2187 - Improving CT Image Quality Outside of the Regular Scan Field of View for Radiation Therapy Planning Using a Novel Reconstruction Algorithm
Presenter(s)
G. Noid1, M. W. Straza Jr2, E. S. Paulson1, J. Shah3, M. Baer-Beck4, and A. Tai1; 1Department of Radiation Oncology, Medical College of Wisconsin, Milwaukee, WI, 2Department of Radiation Oncology, Froedtert & the Medical College of Wisconsin, Milwaukee, WI, 3Siemens Healthineers, Cary, NC, 4Siemens Healthineers, Forchheim, Germany
Purpose/Objective(s): Accurate patient anatomy is essential for radiation treatment planning. In computer tomography (CT), image quality can be dramatically degraded outside the design field of view (FOV), often resulting in i) reduced CT number and ii) increased likelihood to misrepresent the external patient surface. Uncertainty in either of these factors can introduce errors in radiotherapy dose calculations. A novel extended field of view reconstruction algorithm which is supported by a convolutional neural network (HDFOV 5.0) was developed to enable visualization of the human body parts and skin line located outside the scan field of view up to the bore size. In this work we investigated the ability of HDFOV 5.0 to improve image quality of extended FOV CT images compared to the current reconstruction algorithm HDFOV 4.0.

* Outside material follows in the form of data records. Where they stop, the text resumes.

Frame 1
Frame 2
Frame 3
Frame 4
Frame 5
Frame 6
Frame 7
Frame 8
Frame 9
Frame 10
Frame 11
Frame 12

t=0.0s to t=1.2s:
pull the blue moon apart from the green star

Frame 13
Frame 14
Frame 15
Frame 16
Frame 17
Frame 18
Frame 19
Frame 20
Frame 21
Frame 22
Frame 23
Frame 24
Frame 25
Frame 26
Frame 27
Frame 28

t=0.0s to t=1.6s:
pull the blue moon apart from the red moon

Materials/Methods: Images of 44 patients were acquired on Somatom Go.Open and Naeotom Alpha (Siemens Healthineers) CT scanners. The datasets were reconstructed using 2 different algorithms: extended FOV with HDFOV 4.0, and extended FOV with HDFOV 5.0. Three expert readers (2 medical physicists, one radiation oncologist) were presented with image data without further information in a randomized order across all datasets and blinded. The 130 data sets were presented both side-by-side and case-by-case. The readers were instructed to rate the images with 2 ratings: A Likert-scale for the anatomical representation outside the scan (design) FOV and a binary judgement whether or not the image can be considered for dose calculations.

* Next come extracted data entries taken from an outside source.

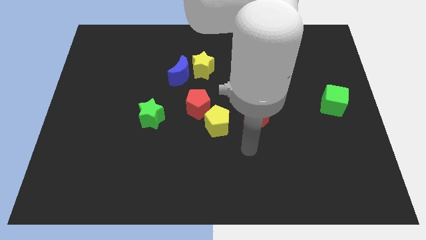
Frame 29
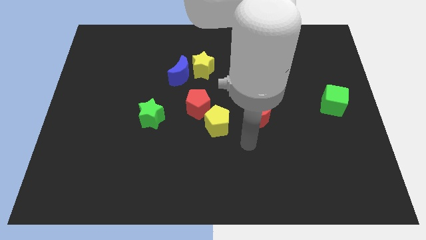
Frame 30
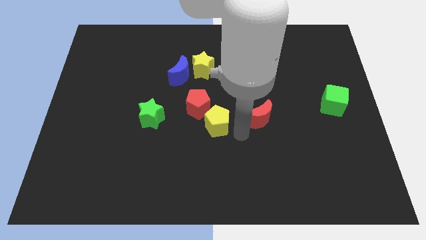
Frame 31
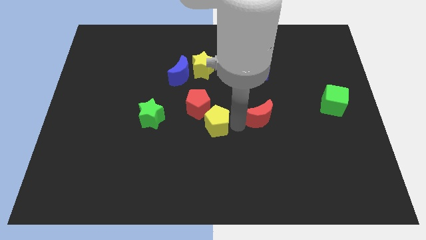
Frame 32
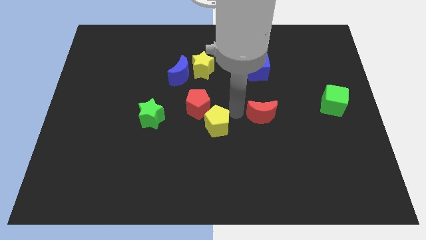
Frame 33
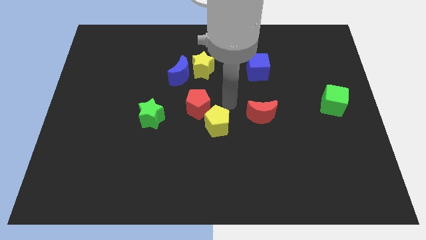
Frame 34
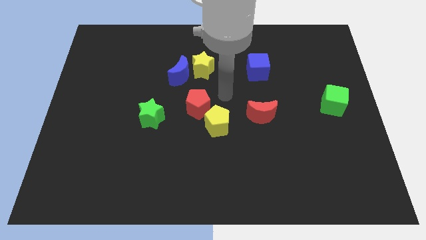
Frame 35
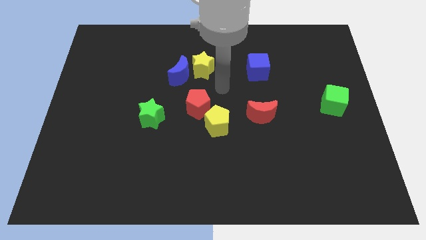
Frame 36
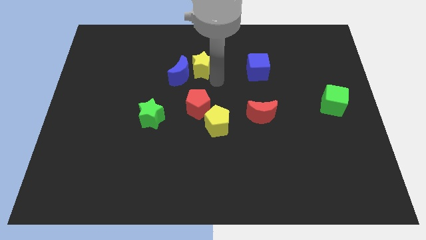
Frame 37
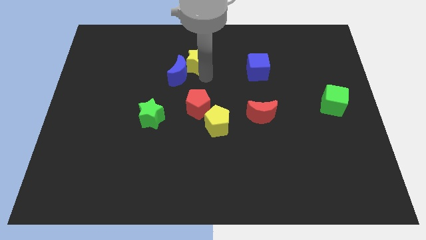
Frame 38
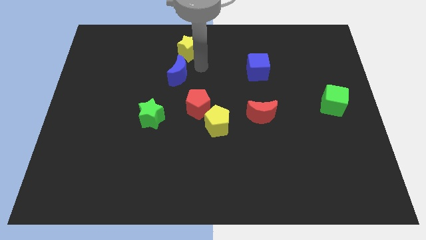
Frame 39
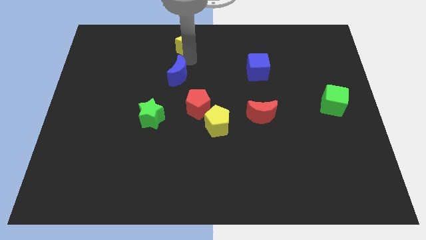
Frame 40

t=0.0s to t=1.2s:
pull the blue moon apart from the yellow star

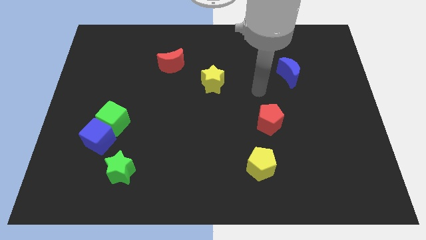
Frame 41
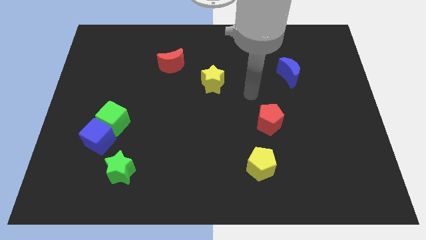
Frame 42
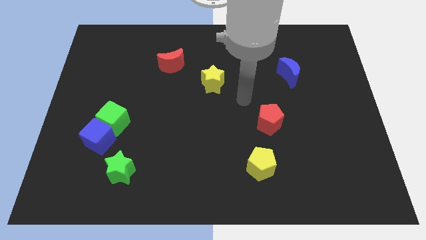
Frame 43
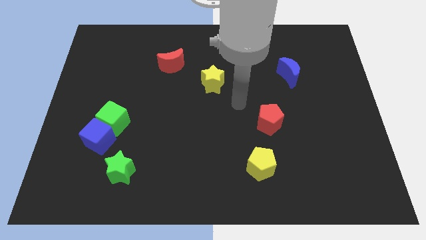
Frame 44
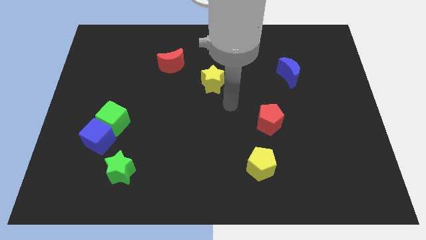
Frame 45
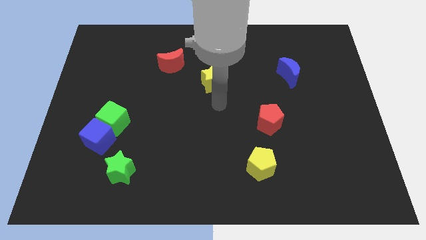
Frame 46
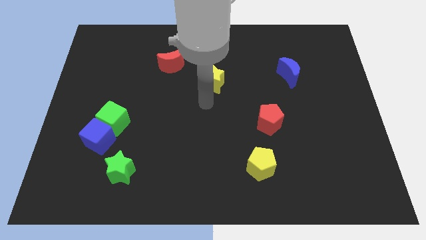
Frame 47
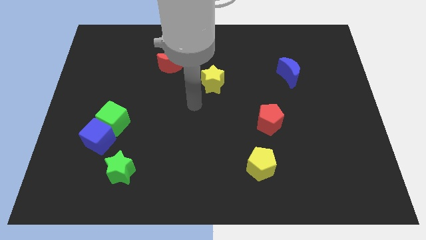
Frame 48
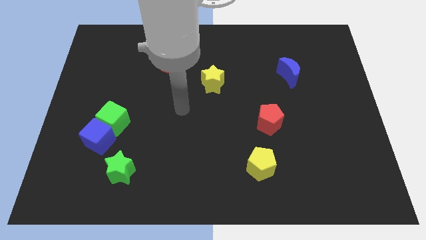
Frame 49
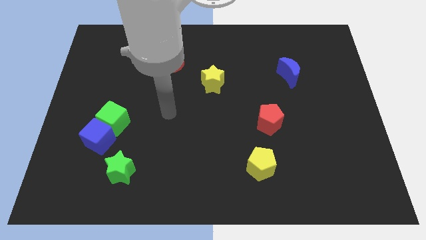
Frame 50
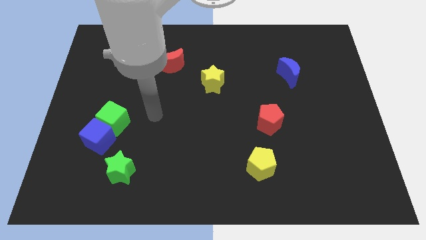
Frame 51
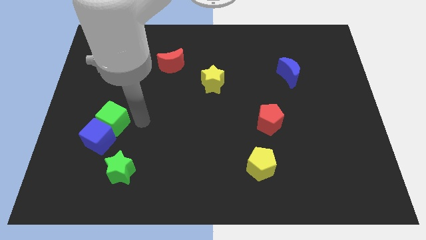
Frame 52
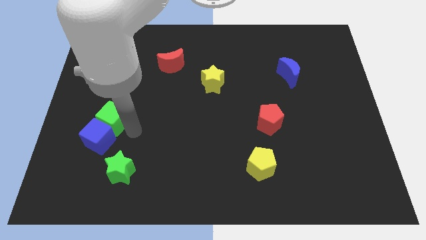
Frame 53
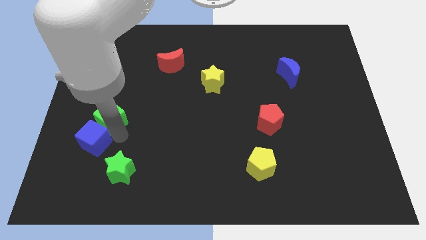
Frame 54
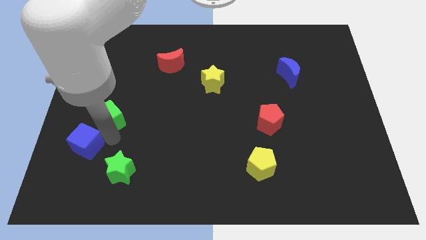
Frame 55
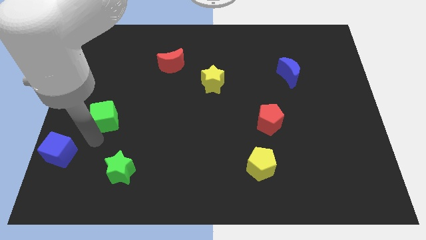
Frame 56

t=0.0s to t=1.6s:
pull the green cube apart from the blue cube

Results: Overall, the readers preferred the HDFOV 5.0 data sets over the HDFOV 4.0 data sets. For the case-by-case comparison across all three readers the mean Likert-scale score was 3.07 with HDFOV 4.0 and 3.72 for HDFOV 5.0. For the side-by-side comparison across all three readers the mean Likert-scale score was 3.12 with HDFOV 4.0 and 3.59 for HDFOV 5.0. For binary judgement rating, mean dose planning ratings are 0.42 with HDFOV 4.0 and 0.65 with HDFOV 5.0 and 0.39 with HDFOV 4.0 and 0.67 with HDFOV 5.0 for case by case comparison and side by side comparison, respectively. These differences were statistically significant (with p<0.05) for both Likert-scale rating and binary judgement rating
Conclusion: Our reader study demonstrates that the new extended FOV reconstruction in HDFOV 5.0 improved CT image quality in comparison to the existing HDFOV 4.0 algorithm. While further investigation is merited, the HDFOV 5.0 algorithm is very promising for providing enhanced CT images for radiation therapy planning at the limits of reconstruction volumes.